Tough Decisions For New Fathers?

You’re close — very close — to accomplishing something that will put you at the top of your profession. You’ve worked intensely for years to reach this point. Oh, and by the way, the financial rewards could be significant. But, suddenly, a family situation arises, and you must make a decision.

For professional golfer Hunter Mahan, the decision, in reality, was no decision at all. Leading the RBC Canadian Open (first-prize money: $1,008,000) after two rounds, Hunter dropped his clubs and flew home immediately to be with his wife, Kandi, as she delivered the couple’s first child, Zoe Olivia Mahan.

Hunter’s actions have been widely praised — largely, it seems, because he was on the verge of professional and financial success that few others have achieved. However, the response to his decision also seems to suggest, at least to me, that we are still somewhat surprised when a man places his family ahead of his career.

I know what that feels like. More than 30 years ago, I moved my family to Minnesota after graduate school. I was 27 years old, with a nine-month old daughter who was the center of our lives. I delayed starting my job with a regional investment banking firm for three months while my wife studied for the Minnesota Bar exam. Then, three years later, after the birth of our second daughter, I took a paternity leave from my job as an investment banker to stay home for another three months. The time I was able to spend with my daughters was priceless, and I’ll never forget it.

Yet, my decision to take a paternity leave in 1984 was called “flaky” by the firm’s CEO.

Today, it’s unlikely that this description would be applied to new fathers who take time off work. But despite the enactment of federal and state laws allowing men to take unpaid parental leave, few actually do.

Why this apparent reluctance to embrace paternity leave? Possibly, many employers still think a new father’s place isn’t necessarily at home. As for the fathers themselves, many may be hesitant to take significant amounts of time away from their jobs for fear of appearing “less dedicated” to their work.

Devotion to their jobs shouldn’t be interpreted as a lack of dedication to their families. We need to consider that many new families may not be in a financial position to even think about taking an extended parental leave.

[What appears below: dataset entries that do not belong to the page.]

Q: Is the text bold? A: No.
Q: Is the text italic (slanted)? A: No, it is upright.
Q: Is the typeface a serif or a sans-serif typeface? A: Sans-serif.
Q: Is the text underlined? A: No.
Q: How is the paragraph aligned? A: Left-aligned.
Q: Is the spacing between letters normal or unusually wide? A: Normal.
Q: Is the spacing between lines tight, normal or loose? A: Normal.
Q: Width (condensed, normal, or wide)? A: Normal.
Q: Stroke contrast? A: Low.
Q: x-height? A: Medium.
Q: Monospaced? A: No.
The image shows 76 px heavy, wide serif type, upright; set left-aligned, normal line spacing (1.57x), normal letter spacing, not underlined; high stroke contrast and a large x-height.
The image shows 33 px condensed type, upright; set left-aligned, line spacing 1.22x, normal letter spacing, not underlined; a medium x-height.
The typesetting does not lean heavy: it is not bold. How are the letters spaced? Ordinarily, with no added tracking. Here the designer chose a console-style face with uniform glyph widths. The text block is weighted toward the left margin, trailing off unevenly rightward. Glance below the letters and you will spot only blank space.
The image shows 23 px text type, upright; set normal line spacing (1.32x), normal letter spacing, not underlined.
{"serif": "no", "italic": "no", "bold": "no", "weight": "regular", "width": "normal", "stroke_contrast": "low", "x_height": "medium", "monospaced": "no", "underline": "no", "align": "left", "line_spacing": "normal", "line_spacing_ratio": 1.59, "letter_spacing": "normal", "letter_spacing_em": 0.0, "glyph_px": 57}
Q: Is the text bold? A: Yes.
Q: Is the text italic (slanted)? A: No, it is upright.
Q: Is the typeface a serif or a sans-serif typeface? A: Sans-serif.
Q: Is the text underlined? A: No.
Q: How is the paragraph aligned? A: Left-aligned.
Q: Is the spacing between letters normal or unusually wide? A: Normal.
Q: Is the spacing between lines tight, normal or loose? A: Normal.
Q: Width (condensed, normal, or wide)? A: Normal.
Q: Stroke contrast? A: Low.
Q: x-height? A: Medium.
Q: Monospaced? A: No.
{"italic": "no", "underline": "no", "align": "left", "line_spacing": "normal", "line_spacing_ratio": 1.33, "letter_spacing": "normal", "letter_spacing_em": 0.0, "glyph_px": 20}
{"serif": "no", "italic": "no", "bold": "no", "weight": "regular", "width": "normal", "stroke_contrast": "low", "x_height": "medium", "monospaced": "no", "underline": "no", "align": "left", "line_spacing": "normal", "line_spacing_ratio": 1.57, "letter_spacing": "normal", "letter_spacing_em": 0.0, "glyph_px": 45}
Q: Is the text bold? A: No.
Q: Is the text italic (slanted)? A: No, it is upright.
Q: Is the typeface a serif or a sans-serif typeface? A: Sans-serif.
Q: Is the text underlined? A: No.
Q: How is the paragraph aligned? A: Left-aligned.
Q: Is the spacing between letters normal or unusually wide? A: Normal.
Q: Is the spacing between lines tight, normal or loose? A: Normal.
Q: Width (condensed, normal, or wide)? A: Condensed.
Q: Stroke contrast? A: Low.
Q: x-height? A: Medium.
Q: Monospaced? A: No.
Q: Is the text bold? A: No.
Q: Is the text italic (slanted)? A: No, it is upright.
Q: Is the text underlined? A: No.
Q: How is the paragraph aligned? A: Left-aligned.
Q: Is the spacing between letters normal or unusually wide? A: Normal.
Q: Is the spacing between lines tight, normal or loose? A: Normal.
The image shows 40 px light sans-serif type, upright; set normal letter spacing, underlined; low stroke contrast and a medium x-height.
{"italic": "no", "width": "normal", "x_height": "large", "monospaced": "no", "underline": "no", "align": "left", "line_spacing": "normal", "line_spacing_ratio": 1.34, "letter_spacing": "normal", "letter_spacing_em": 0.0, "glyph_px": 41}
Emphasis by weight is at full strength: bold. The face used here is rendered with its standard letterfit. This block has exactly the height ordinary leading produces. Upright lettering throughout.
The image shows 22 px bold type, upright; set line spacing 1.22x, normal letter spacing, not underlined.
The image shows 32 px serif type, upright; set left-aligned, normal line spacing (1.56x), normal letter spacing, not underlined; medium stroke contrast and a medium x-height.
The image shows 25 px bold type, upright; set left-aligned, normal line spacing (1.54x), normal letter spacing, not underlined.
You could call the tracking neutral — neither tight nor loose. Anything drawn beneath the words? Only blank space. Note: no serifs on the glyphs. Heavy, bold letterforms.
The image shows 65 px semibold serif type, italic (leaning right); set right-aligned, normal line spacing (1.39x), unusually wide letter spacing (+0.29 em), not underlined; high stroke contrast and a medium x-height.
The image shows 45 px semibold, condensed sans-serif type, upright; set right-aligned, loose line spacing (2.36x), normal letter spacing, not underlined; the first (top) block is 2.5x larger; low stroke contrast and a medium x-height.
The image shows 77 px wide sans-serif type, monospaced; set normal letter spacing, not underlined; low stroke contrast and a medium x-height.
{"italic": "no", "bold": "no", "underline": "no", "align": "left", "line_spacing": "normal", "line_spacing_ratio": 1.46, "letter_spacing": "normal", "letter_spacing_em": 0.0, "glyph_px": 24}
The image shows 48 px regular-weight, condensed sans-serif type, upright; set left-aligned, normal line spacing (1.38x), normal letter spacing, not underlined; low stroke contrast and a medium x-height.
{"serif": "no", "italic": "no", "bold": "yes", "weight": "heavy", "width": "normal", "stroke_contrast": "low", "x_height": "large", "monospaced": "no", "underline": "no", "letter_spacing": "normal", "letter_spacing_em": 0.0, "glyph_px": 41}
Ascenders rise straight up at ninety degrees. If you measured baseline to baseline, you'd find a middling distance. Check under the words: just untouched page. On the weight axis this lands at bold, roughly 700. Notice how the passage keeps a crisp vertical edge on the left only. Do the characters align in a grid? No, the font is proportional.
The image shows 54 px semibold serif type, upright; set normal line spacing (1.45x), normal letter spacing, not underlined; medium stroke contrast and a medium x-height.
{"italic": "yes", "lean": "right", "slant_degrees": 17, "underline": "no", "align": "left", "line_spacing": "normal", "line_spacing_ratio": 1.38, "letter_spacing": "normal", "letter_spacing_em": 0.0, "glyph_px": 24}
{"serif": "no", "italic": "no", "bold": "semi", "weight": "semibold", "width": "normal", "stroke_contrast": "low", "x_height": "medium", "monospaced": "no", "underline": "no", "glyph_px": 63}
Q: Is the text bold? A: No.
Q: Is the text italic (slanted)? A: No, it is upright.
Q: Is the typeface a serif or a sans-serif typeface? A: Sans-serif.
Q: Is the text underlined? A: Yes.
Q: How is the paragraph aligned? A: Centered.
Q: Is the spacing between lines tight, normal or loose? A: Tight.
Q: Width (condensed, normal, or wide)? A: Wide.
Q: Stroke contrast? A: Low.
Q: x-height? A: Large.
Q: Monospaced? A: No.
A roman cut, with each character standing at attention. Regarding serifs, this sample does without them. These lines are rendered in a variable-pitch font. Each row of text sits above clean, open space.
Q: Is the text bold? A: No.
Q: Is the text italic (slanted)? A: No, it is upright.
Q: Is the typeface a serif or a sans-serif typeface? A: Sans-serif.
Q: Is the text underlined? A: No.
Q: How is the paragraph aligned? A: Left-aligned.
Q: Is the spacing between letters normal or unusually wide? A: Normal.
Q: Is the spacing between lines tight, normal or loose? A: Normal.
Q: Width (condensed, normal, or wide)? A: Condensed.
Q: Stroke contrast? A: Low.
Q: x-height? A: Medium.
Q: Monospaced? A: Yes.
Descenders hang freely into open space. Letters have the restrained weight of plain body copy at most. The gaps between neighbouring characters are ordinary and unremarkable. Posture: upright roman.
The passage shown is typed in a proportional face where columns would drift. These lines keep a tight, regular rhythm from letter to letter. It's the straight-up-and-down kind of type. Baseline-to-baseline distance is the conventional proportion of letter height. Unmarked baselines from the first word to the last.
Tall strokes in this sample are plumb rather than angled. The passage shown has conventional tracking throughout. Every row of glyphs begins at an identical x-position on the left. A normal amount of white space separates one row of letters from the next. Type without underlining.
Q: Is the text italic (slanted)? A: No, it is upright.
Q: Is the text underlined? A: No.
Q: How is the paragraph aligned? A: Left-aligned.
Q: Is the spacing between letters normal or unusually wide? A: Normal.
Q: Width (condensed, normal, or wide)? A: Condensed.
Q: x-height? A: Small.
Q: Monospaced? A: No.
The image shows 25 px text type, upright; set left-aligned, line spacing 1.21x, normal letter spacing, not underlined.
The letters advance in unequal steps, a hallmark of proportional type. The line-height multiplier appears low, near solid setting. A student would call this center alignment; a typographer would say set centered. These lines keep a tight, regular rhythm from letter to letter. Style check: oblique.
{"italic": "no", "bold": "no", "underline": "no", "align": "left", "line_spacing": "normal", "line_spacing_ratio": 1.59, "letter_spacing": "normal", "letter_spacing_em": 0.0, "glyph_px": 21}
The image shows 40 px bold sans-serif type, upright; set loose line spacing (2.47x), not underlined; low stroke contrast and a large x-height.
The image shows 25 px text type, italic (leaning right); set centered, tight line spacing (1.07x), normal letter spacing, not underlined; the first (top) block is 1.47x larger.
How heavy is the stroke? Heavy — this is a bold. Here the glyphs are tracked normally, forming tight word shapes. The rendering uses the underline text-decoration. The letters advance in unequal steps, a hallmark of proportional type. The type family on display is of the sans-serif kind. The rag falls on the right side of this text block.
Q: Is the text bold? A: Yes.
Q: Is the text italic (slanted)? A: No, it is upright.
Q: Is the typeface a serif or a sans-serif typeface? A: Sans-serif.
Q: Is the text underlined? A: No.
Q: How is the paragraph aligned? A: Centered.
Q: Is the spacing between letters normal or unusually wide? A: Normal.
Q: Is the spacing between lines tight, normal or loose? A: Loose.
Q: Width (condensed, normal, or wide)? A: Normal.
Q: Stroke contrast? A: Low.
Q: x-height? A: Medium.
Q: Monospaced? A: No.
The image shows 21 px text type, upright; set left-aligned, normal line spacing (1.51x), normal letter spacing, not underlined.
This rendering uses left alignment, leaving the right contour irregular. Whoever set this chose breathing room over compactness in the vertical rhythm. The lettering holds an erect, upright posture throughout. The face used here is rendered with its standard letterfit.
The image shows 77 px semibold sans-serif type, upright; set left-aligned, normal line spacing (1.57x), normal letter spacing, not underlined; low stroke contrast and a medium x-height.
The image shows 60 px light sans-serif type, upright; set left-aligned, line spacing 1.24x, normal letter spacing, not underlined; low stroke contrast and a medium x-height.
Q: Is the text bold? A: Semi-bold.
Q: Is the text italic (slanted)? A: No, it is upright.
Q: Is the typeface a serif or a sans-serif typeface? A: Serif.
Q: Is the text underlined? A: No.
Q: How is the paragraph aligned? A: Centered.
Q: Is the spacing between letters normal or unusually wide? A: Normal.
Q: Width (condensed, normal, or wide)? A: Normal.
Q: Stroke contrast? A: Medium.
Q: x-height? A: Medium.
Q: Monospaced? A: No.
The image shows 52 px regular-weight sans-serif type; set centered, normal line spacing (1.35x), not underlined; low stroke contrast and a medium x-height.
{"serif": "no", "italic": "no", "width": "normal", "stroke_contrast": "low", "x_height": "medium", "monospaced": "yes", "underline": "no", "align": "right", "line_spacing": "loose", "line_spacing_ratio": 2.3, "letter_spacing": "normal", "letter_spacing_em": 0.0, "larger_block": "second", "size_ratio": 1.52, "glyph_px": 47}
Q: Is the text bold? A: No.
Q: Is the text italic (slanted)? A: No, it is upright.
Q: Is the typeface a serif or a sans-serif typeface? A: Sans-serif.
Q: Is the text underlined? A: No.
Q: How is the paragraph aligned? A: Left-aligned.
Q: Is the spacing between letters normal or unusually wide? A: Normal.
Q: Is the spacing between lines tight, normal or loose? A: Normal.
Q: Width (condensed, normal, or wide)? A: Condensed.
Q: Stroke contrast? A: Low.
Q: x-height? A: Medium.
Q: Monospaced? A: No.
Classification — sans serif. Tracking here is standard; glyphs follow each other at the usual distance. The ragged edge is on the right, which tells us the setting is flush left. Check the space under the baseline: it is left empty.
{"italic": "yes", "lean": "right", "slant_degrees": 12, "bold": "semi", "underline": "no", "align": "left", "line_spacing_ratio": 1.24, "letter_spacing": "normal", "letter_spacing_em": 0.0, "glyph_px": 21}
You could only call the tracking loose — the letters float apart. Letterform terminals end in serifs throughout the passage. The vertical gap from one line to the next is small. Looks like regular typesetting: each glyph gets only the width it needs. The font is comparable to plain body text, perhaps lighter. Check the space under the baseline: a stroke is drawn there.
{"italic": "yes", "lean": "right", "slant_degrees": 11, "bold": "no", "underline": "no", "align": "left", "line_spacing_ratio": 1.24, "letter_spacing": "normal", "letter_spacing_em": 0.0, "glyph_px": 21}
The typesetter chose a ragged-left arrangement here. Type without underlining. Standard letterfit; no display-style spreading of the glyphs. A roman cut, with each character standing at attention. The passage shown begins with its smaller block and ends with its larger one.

And, as they think long term, they may feel a high level of commitment to their careers so that they can ultimately provide the best possible lives for their families.

Clearly, we still need to change “hearts and minds” in regard to parental leave in the workplace. Among parents, the question of who should make the greater career sacrifice to provide caregiving is a personal choice. But those of us in leadership positions should strive to promote a workplace culture in which neither partner, regardless of gender, should feel that taking time off work after the birth of a child is somehow a “detriment” to career growth and advancement.

When Hunter Mahan took his name off the leader board at the RBC Canadian Open to be present for the birth of his child, nobody called him a “flake” — so we’re making progress. But we’re still on a journey to help working parents succeed in both the workplace and at home.